[[ SUPPLIED DATA open ]]

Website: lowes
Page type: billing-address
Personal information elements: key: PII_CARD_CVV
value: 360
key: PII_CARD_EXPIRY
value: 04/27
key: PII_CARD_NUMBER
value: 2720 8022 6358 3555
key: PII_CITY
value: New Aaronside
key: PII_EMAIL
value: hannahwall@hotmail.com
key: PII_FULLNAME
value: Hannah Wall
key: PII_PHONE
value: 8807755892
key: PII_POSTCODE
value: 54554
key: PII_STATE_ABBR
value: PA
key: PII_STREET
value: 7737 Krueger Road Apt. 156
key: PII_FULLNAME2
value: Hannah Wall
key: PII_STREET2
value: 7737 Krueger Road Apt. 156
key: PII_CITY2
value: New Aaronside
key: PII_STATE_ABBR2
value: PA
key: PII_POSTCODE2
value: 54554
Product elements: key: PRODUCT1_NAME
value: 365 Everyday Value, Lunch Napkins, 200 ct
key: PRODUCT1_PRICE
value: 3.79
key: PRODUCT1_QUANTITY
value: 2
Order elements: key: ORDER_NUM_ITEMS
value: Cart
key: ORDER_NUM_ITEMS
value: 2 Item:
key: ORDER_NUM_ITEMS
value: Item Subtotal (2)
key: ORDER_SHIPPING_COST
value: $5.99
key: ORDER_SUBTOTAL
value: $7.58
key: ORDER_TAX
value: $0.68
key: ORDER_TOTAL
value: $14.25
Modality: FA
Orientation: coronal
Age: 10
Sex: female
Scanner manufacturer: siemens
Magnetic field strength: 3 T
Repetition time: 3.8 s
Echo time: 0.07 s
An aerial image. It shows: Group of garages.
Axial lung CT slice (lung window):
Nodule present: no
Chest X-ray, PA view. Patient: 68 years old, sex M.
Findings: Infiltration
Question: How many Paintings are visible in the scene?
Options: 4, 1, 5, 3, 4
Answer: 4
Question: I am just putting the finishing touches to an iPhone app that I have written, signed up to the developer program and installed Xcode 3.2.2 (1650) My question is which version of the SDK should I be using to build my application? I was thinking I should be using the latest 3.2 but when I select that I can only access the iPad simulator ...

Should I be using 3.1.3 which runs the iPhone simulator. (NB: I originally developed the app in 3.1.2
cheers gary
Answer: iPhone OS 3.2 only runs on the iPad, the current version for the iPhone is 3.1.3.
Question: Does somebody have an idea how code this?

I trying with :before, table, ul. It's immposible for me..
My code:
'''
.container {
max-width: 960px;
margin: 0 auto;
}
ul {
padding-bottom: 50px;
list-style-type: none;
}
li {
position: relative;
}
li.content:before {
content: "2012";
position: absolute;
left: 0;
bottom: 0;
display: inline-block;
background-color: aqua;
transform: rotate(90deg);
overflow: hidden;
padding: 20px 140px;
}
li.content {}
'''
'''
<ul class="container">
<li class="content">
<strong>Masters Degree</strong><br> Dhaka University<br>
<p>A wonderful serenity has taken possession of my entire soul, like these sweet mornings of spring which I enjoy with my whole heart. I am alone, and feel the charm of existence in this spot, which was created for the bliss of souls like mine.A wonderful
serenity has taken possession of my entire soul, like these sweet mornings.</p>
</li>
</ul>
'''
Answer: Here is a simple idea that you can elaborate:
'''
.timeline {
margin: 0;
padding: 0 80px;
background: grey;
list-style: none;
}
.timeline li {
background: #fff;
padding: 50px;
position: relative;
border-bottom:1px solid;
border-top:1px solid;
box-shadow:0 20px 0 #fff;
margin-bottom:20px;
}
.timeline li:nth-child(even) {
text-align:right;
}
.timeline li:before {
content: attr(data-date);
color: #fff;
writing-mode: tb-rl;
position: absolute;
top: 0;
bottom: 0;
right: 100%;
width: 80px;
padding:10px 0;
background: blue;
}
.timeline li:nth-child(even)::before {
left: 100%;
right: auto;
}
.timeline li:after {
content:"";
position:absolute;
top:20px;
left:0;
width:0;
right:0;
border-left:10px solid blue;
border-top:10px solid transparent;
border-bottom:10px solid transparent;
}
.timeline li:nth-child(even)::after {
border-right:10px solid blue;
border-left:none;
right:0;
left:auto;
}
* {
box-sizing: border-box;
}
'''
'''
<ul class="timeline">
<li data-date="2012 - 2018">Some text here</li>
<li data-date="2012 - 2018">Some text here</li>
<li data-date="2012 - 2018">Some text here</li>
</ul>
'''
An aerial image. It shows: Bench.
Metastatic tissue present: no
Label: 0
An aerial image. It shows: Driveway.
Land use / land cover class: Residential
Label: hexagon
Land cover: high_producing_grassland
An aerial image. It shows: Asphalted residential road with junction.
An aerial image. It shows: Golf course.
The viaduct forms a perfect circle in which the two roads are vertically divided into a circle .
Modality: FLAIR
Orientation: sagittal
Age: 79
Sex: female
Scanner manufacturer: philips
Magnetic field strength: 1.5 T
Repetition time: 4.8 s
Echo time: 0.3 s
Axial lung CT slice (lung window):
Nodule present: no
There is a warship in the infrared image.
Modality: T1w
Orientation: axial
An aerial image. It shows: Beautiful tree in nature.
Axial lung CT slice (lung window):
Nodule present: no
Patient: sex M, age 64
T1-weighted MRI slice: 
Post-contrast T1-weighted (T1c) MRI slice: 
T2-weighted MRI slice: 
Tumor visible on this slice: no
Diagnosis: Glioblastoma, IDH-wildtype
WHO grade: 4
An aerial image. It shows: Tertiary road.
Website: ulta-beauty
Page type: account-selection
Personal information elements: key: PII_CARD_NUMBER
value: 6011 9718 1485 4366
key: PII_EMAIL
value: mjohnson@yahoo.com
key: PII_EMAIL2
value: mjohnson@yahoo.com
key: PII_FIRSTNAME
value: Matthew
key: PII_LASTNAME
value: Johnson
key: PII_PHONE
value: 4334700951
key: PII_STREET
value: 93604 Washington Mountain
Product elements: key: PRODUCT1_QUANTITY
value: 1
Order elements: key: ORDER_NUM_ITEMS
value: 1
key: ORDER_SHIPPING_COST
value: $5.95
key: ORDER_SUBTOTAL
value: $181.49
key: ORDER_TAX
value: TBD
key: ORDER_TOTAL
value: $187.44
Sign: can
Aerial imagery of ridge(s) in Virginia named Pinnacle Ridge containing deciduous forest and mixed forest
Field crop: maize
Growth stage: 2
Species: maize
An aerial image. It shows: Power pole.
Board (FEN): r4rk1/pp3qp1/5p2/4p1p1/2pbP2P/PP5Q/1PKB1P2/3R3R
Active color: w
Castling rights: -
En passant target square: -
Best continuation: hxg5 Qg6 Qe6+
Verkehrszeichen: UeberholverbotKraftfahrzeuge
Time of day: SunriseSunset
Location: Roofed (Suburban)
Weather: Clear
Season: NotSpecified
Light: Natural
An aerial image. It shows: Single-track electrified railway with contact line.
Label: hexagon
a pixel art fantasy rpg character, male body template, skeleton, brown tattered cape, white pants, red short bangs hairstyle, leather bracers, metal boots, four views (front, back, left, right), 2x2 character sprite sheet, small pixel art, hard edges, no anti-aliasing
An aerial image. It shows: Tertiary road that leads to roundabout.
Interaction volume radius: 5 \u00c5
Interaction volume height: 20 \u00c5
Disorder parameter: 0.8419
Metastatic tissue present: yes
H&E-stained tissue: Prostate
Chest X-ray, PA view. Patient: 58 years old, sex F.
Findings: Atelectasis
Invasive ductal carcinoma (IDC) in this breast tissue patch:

[[ SUPPLIED DATA closed ]]

Above are some records; copy each line there that contains "Orientation".

## ANSWER SPACE
Orientation: coronal
Orientation: sagittal
Orientation: axial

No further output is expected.